• Excerpted records:
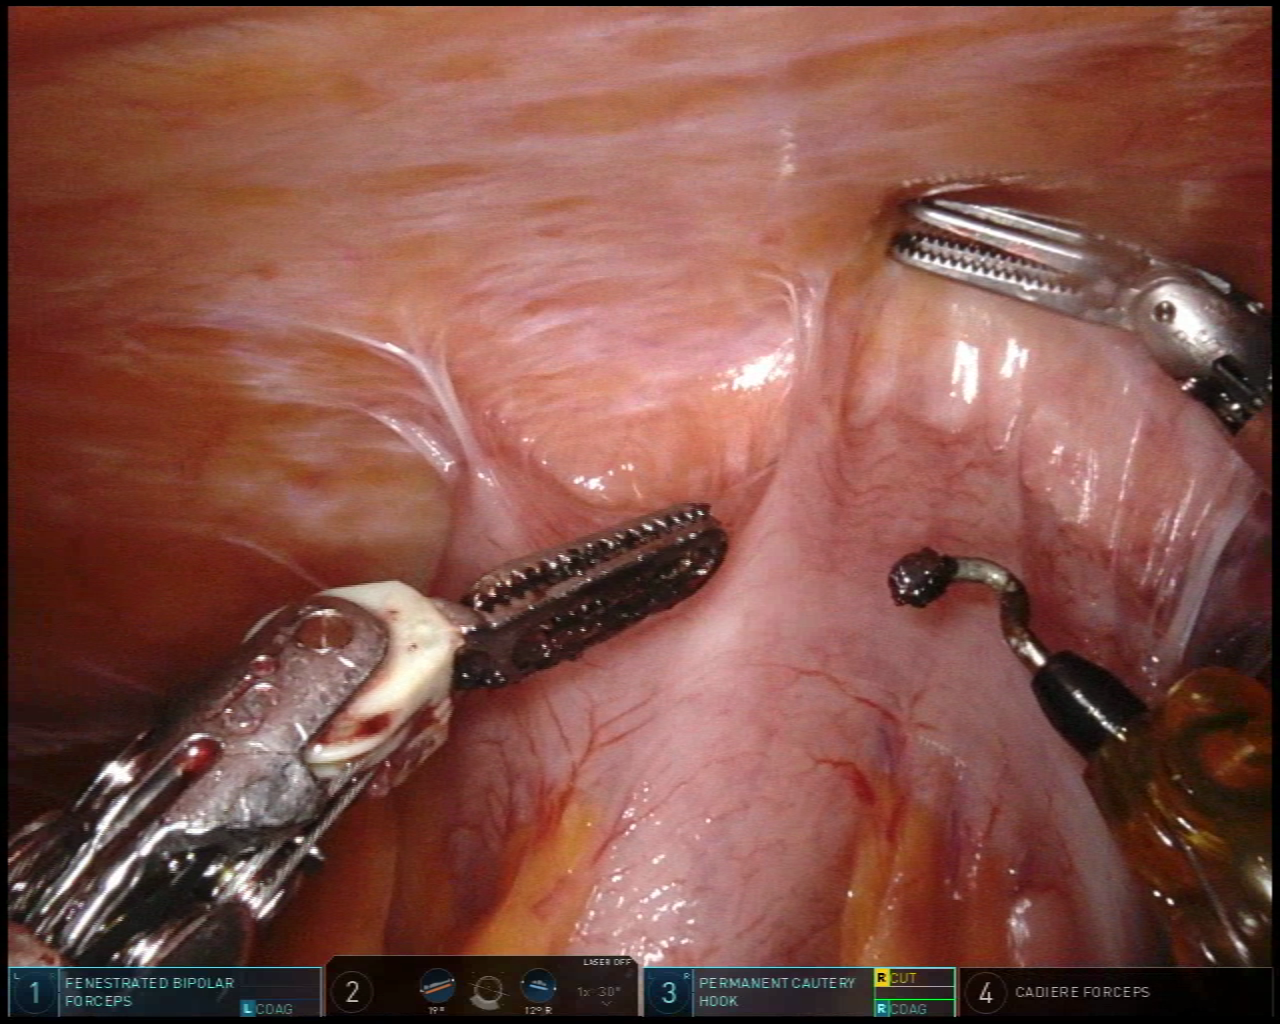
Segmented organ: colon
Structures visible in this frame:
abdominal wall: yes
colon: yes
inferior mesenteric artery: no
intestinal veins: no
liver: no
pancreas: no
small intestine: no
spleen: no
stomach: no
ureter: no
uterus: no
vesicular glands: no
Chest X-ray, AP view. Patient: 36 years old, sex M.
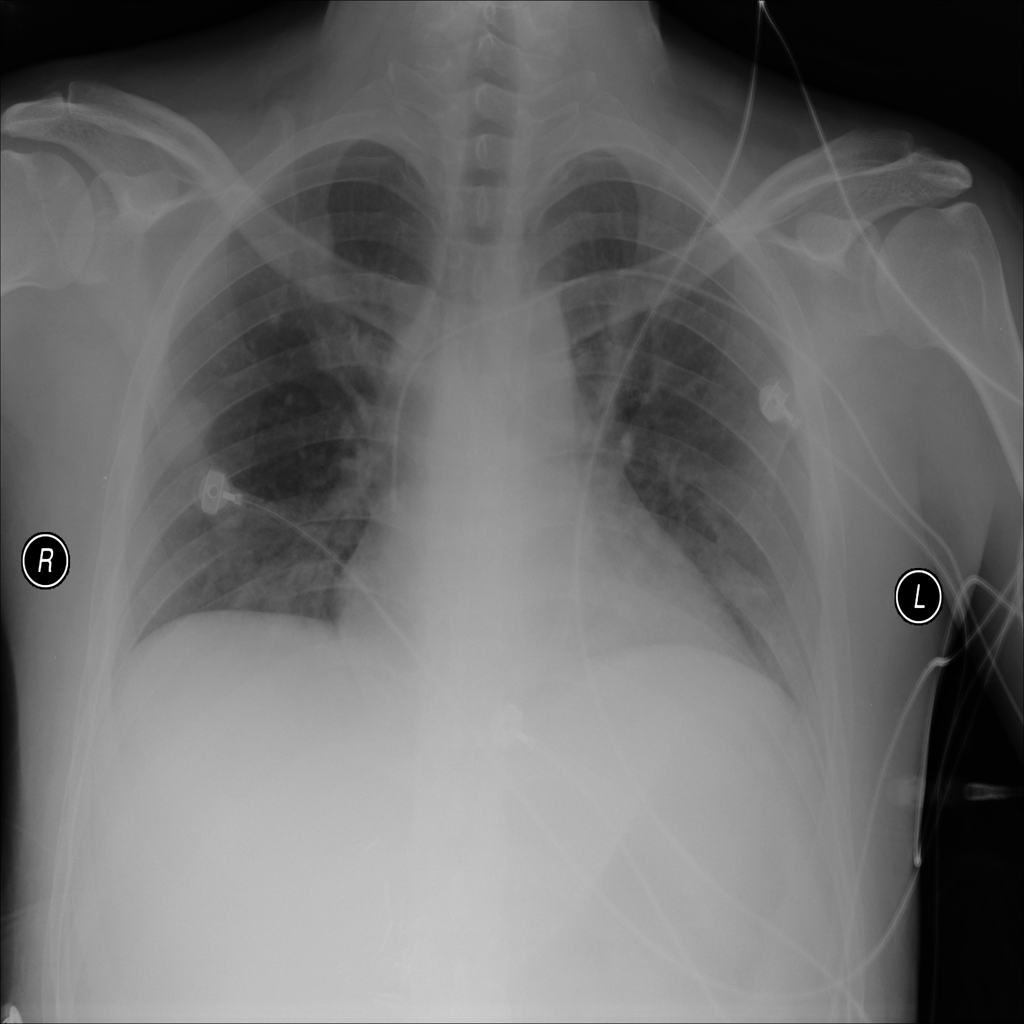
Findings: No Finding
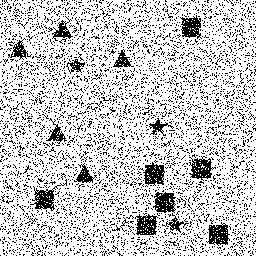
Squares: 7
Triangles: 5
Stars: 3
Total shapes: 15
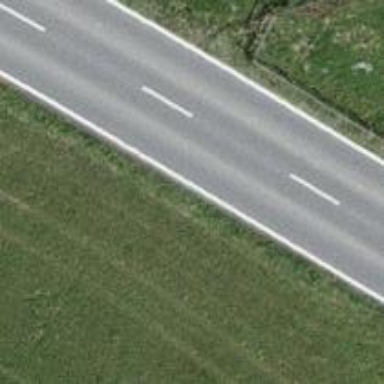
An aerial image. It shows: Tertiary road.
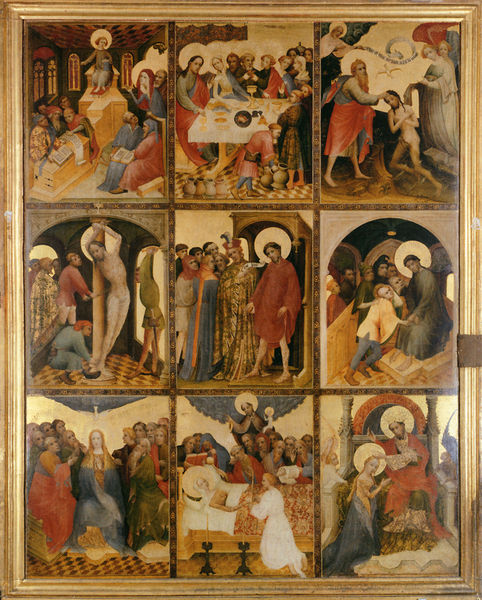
--
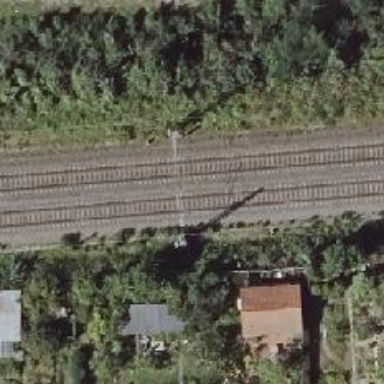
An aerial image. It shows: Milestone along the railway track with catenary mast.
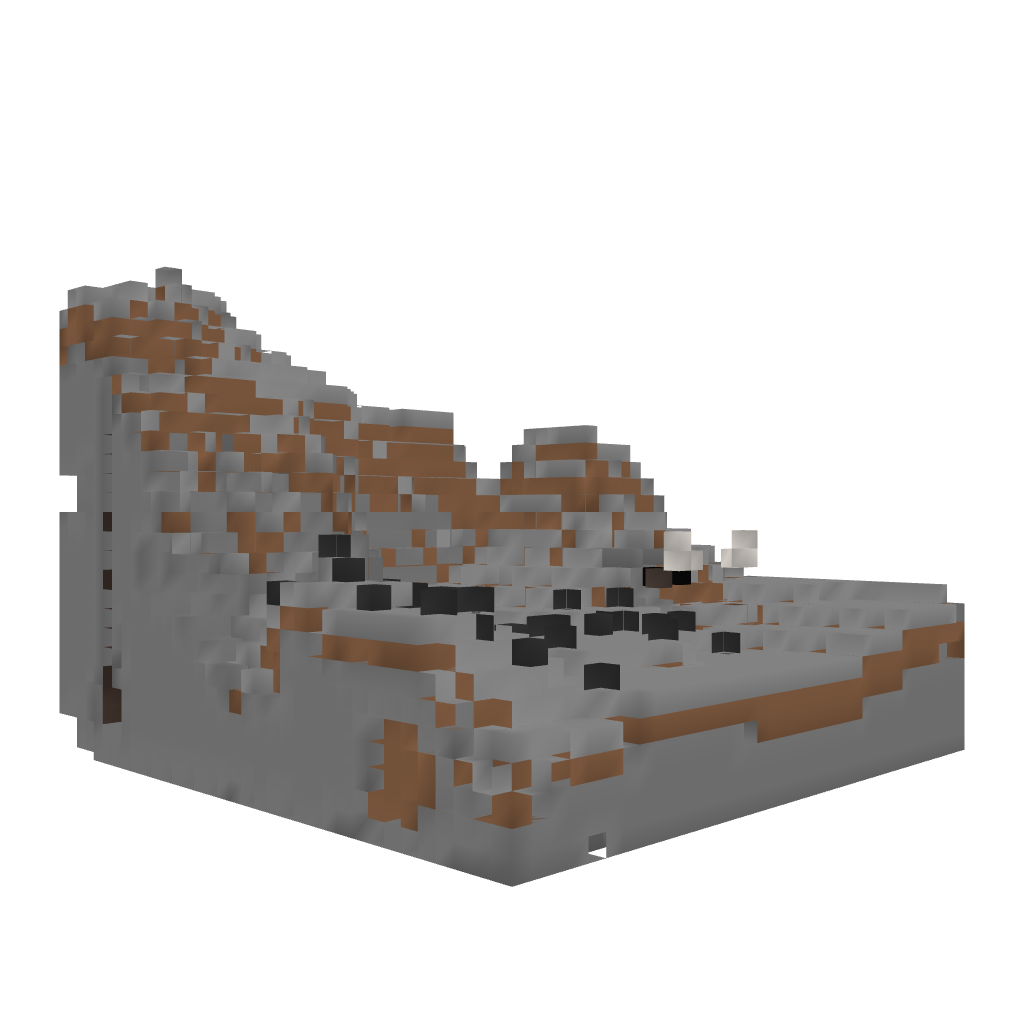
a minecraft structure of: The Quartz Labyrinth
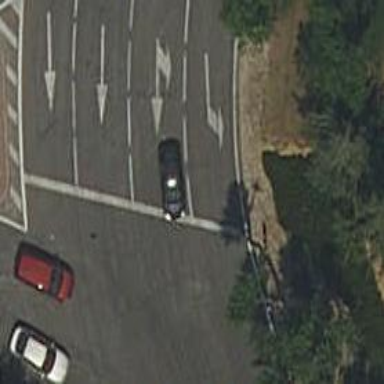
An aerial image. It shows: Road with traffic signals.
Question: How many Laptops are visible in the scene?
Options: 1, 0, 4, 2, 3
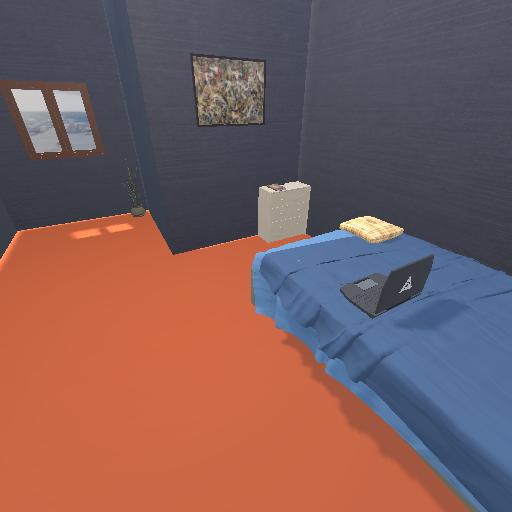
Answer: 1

• Brief:
Only the lines of the listing above from the one with "Segmented organ: colon" through the one with "An aerial image. It shows: Tertiary road." should be output, exactly, with both ends kept and pictures left out.

• Written answer:
Segmented organ: colon
Structures visible in this frame:
abdominal wall: yes
colon: yes
inferior mesenteric artery: no
intestinal veins: no
liver: no
pancreas: no
small intestine: no
spleen: no
stomach: no
ureter: no
uterus: no
vesicular glands: no
Chest X-ray, AP view. Patient: 36 years old, sex M.
Findings: No Finding
Squares: 7
Triangles: 5
Stars: 3
Total shapes: 15
An aerial image. It shows: Tertiary road.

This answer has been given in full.